I’m the media coach and public speaking trainer who helps people present at a higher level, tell their story to attract dream clients or to gain media attention.

Confidentiality is everything.

I am discreet. Most clients don’t talk about me… but you’ll notice a change in them after I work with them. Book your free consultation with me here.

By the way… if you still need help with your taxes, this is my guy. He’s great.

What United Airlines Should Have Done to Avoid the PR & Media Crisis

By now, you’ve seen the videos.
You’ve heard the news reports.
You’ve read all your friends’ posts on Facebook about what they say United Airlines and the doctor should have done Sunday.
I’ve been on the phone for the past 24-hours with people asking me what should have been done and how I can help the doctor.
As of this writing, the doctor has been hospitalized and has a lawyer helping him take care of his family and professional reputation. I hope he recovers physically and mentally. What happened to him was inhumane.
The story is global and it’s especially bad in China. Media there is all over this story because of the doctor’s ethnicity.
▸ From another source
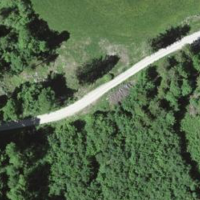
EUNIS habitat code: 41
Species observed at this site:
Lathyrus vernus
Petasites albus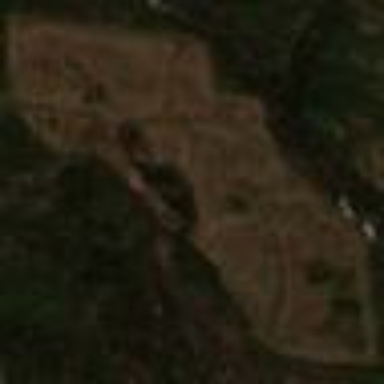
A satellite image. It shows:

It’s not good for United because the airline is targeting the country for air travel growth. China is just the world’s fastest growing major aviation market.
Was this all preventable? Yes.
Here is how critical thinking and communication skills could have been used to prevent this media and public relations crisis. Review and keep in mind in case something (hopefully on a much smaller scale) happens at your company.
  1. No one should have been boarded if the flight was still over-booked. Not boarding people is a lot easier than boarding and then asking four people to remove themselves. It was a Sunday before the start of the work week. Everyone had to be somewhere else. Don’t leave it up to volunteers if you’re not going to raise the stakes.
  2. United should have offered a higher voucher amount. Another step up in airline dollars may have garnered more volunteers. To my knowledge, they had not yet hit the maximum they are allowed to go. Throwing another $1200 ($300-$400 more for each passenger) at the problem would have saved them the millions they are losing today.
  3. If that doesn’t work, bounce people at the gate using the carrier rules we all agree to when we purchase a ticket. Airlines are allowed to do what they did – just not in the way they did. They can start with those who checked in last and bump those flying on the cheapest tickets. From what I’ve read, medical personnel heading somewhere to treat patients are not supposed to be bumped.
  4. If all that STILL didn’t work, drive your employees or offer to drive the passengers. Chicago is not THAT far from Louisville. A road trip is a lot easier than saying sorry and paying millions when you bloody a passenger.
Obviously, United didn’t do this… and that’s why we’re talking about them.
What could they have done AFTER their mistakes Sunday to avoid this media storm? Here’s a list that you can copy if you have a communications crisis:
  1. Get out in front of the story IMMEDIATELY. You KNOW there is video. There is ALWAYS video.
  2. Get the CEO on TV right away Sunday night or first thing Monday morning to publicly apologize. In this news conference the CEO should say:
    • the company messed up (and deliver this genuinely)
    • there will be an investigation
    • they are going to make this right with the family
    • how they will change their future policies to make sure this does not happen again
    • and assure the public that they are safe doing business with their company.
  3. Publicly make a donation to a group that gives scholarships to future Asian-American doctors who want to further their education.
  4. By today, three days after the crisis, they’re back to the friendly skies.
As a spokesperson and communications director for a major law enforcement agency, this is what we did when there was a crisis. I wrote our communications strategy. It’s not always easy to do — but it’s easier than handling the PR crisis that comes later if you don’t follow a good crisis communications plan.
So what about the doctor’s past history that I keep reading about today? Does that have anything to do with all this? No.
No one should be treated this way on a plane heading home to treat their patients – or to do anything else.
There’s a lot of rumblings going on that United Airlines leaked the doctor’s personal history to the media to deflect what they did Sunday. Could have been the airline – and it could have been investigative journalists. No matter what, it shouldn’t make us feel that he deserved this kind of treatment. He didn’t. Nor did his wife.
What we all should remember is, we can avoid this from happening inside our companies. Think through the actions and the consequences when you have an internal communications crisis. Five minutes of going through “what’s the absolutely worst thing that can happen if we do this?” can save you millions and a lot of bad media and PR.
Are you ready for YOUR story to be on TV in the right way? Book your free consultation with me here. As a media coach, I’ll help you craft your story to make it newsworthy.
Oh, and if you have no idea what this story is about, here’s how to get caught up with the news quickly every morning. 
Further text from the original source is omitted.